# Daily Coding Challenge #30

This is a series of Daily Coding Challenge. Each day I show a few solutions written in C++. The questions are from coding practice/contest sites such as HackerRank, LeetCode, Codeforces, Atcoder and etc.

``````/*
LeetCode - Burst Balloons

Given n balloons, indexed from 0 to n-1. Each balloon is painted with a number on it represented by array nums. You are asked to burst all the balloons. If the you burst balloon i you will get nums[left] * nums[i] * nums[right] coins. Here left and right are adjacent indices of i. After the burst, the left and right then becomes adjacent.

Find the maximum coins you can collect by bursting the balloons wisely.

Note:

You may imagine nums[-1] = nums[n] = 1. They are not real therefore you can not burst them.
0 ≤ n ≤ 500, 0 ≤ nums[i] ≤ 100
Example:

Input: [3,1,5,8]
Output: 167
Explanation: nums = [3,1,5,8] --> [3,5,8] -->   [3,8]   -->    --> []
coins =  3*1*5      +  3*5*8    +  1*3*8      + 1*8*1   = 167
*/

class Solution {
public:
int maxCoins(vector<int>& nums) {
int n = (int)nums.size();
vector<vector<int>> dp(n+1, vector<int>(n+1,-1));
vector<int> nums1(n+2,1);
for(int i=0;i<n;i++){
// 1,nums,nums,..,nums[n-1],1
nums1[i+1]=nums[i];
}
return f(nums1,dp,1,n);
}
private:
int f(vector<int>& nums, vector<vector<int>>& dp, int left, int right){
if(left>right) return 0;
if(dp[left][right]!=-1) return dp[left][right];
for(int k=left;k<=right; k++){
dp[left][right] = max(
dp[left][right],
// left part: from starting point to the burst point - 1
f(nums,dp,left,k-1) +
// middle part: e.g. k=1: 1*nums*1 bc balloons from [left,k-1] and from [k+1,end] are bursted
nums[left-1]*nums[k]*nums[right+1] +
// right part: from the burst point + 1 to the end
f(nums,dp,k+1,right)
);
}
return dp[left][right];
}
};
``````

``````/*
LeetCode - Plus One

Given a non-empty array of digits representing a non-negative integer, plus one to the integer.

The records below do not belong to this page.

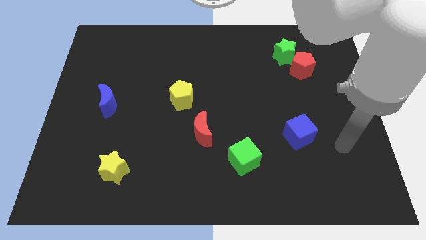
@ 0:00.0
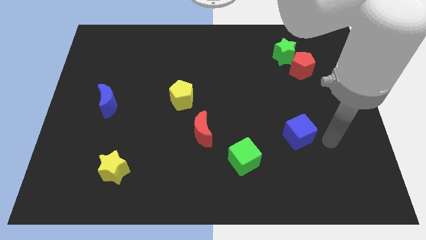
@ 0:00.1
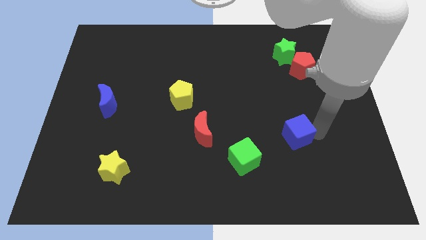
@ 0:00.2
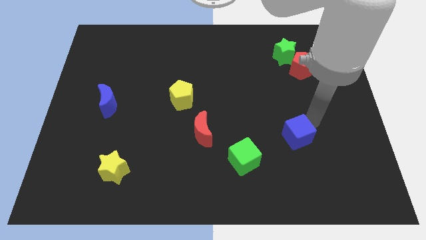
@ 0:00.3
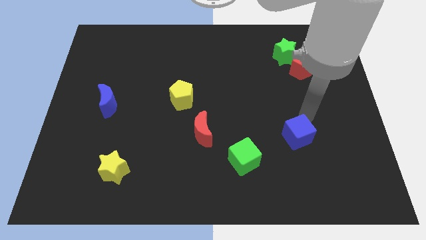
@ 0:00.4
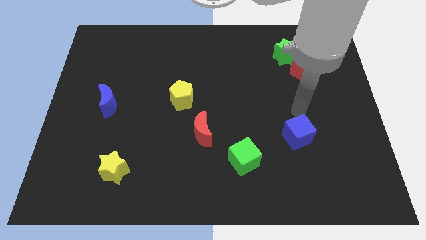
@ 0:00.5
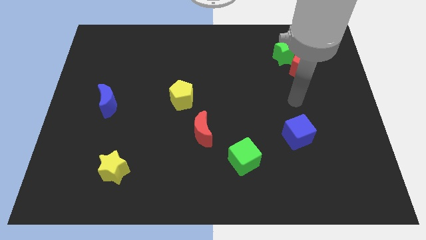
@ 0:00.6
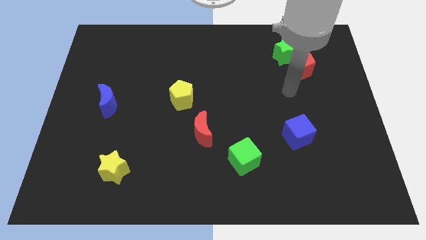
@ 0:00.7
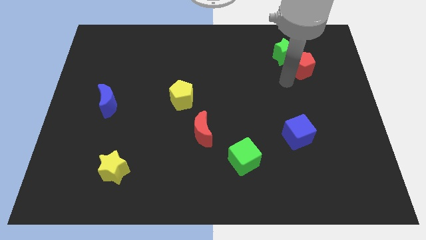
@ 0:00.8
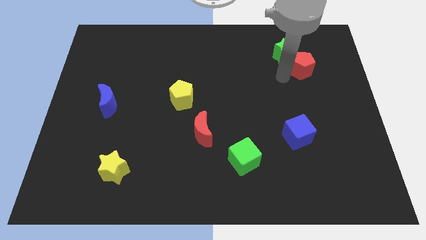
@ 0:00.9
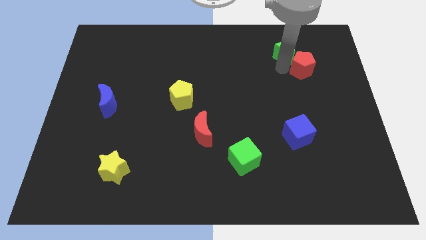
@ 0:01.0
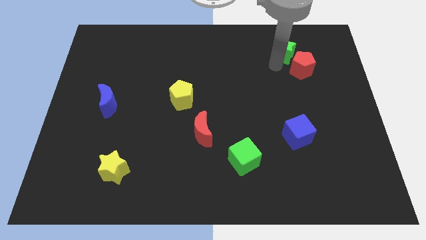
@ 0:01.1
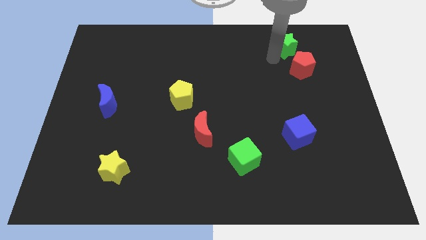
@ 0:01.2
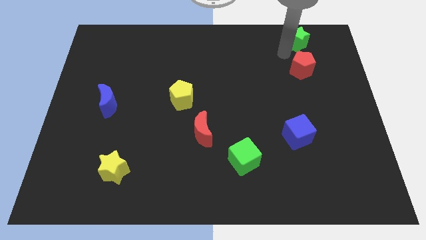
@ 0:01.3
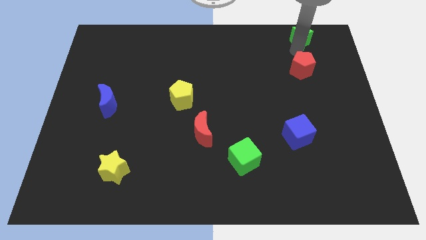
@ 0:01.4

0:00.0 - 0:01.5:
separate the red pentagon from the green star

The digits are stored such that the most significant digit is at the head of the list, and each element in the array contain a single digit.

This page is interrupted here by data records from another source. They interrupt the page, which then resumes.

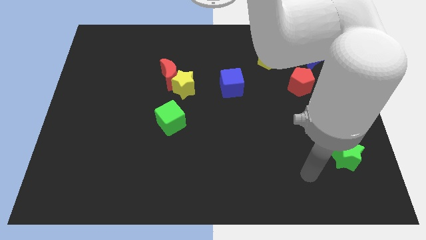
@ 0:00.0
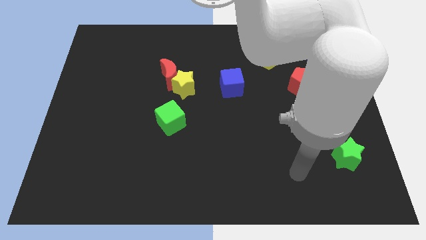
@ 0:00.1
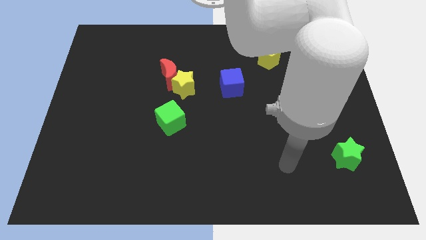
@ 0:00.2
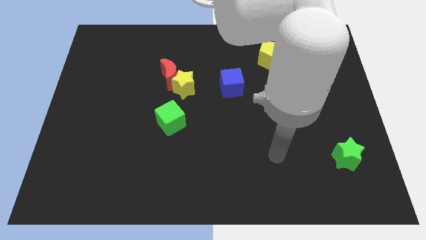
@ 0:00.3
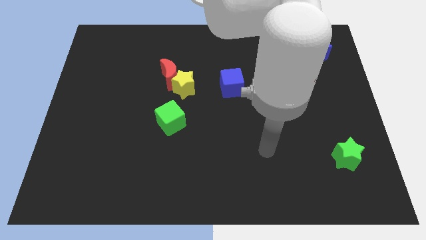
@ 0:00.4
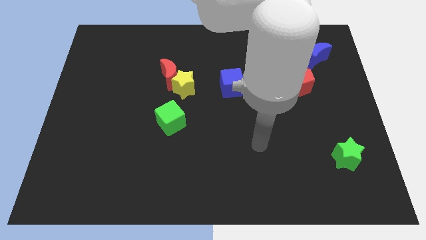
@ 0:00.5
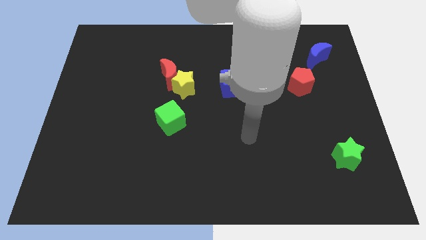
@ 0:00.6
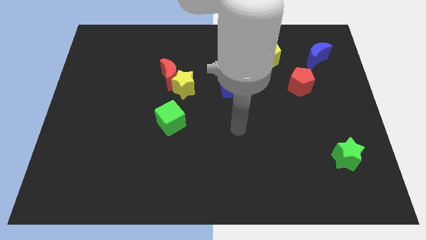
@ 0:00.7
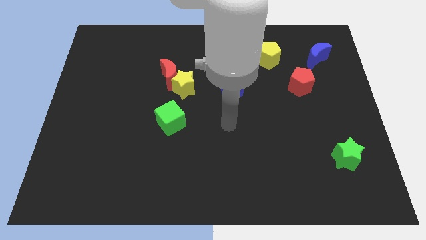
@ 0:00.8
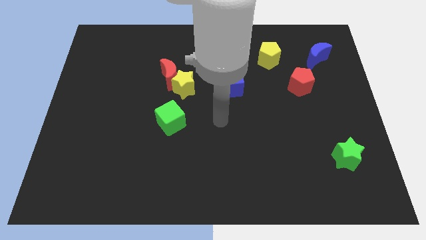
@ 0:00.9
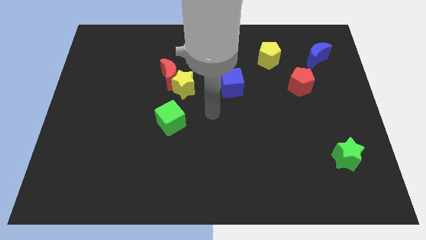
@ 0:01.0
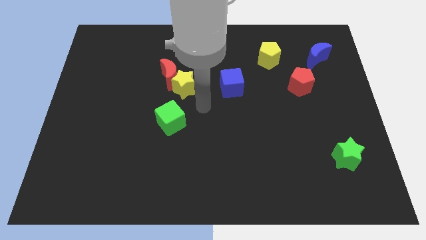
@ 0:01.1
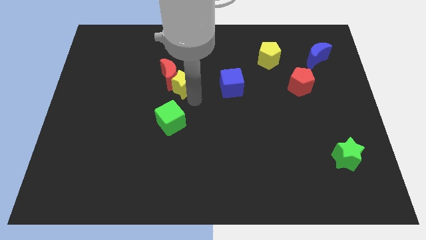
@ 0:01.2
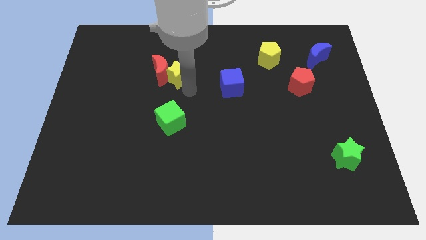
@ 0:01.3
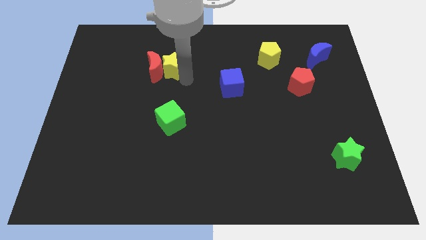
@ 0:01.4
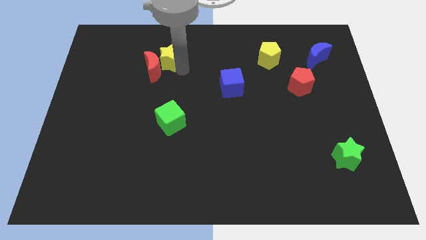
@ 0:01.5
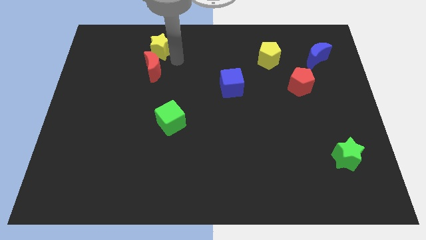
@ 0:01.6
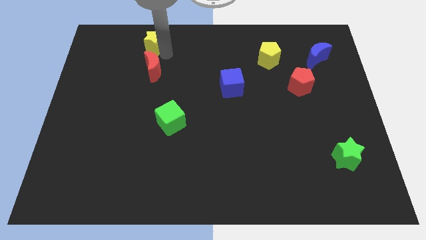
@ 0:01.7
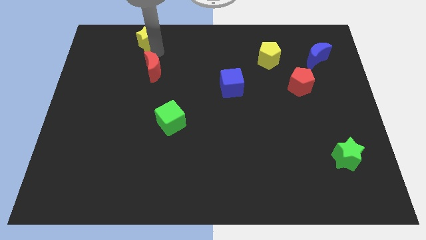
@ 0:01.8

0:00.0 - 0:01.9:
pull the red moon apart from the yellow star

You may assume the integer does not contain any leading zero, except the number 0 itself.

Example 1:

Input: [1,2,3]
Output: [1,2,4]
Explanation: The array represents the integer 123.
Example 2:

Input: [4,3,2,1]
Output: [4,3,2,2]
Explanation: The array represents the integer 4321.
*/

class Solution {
public:
vector<int> plusOne(vector<int>& d) {
int n=(int)d.size();
int c=1;
for(int i=n-1;i>=0;i--){
if(d[i]!=9){
// add 1 to value at the current index
d[i]+=1;
return d;
}

if(i==0&&d[i]==9) {
// reach the end
// [9,9,9] -> [1,0,0,0]
d[i]=0;
d.insert(d.begin(),1);
} else {
// make it zero
d[i]=0;
}
}
return d;
}
};
``````

``````/*
LeetCode - Search Insert Position

Given a sorted array and a target value, return the index if the target is found. If not, return the index where it would be if it were inserted in order.

You may assume no duplicates in the array.

Example 1:

Input: [1,3,5,6], 5
Output: 2
Example 2:

Input: [1,3,5,6], 2
Output: 1
Example 3:

Input: [1,3,5,6], 7
Output: 4
Example 4:

Input: [1,3,5,6], 0
Output: 0

*/

class Solution {
public:
int searchInsert(vector<int>& nums, int target) {
// use lower_bound to find out the first element which has a value not less than target
// -nums.begin() to convert it back to int
return lower_bound(nums.begin(),nums.end(),target)-nums.begin();
}
};
``````

The source code is available in corresponding repo below. Star and watch for timely updates!

## wingkwong / atcoder

### Discussion  Anup Aglawe

Nice set of questions.
I was wondering that in the balloons questions, ( or in general ) how do we figure out that greedy doesn't work?
Haven't put much effort though, but my first thoughts were to burst smallest weight balloon and so on.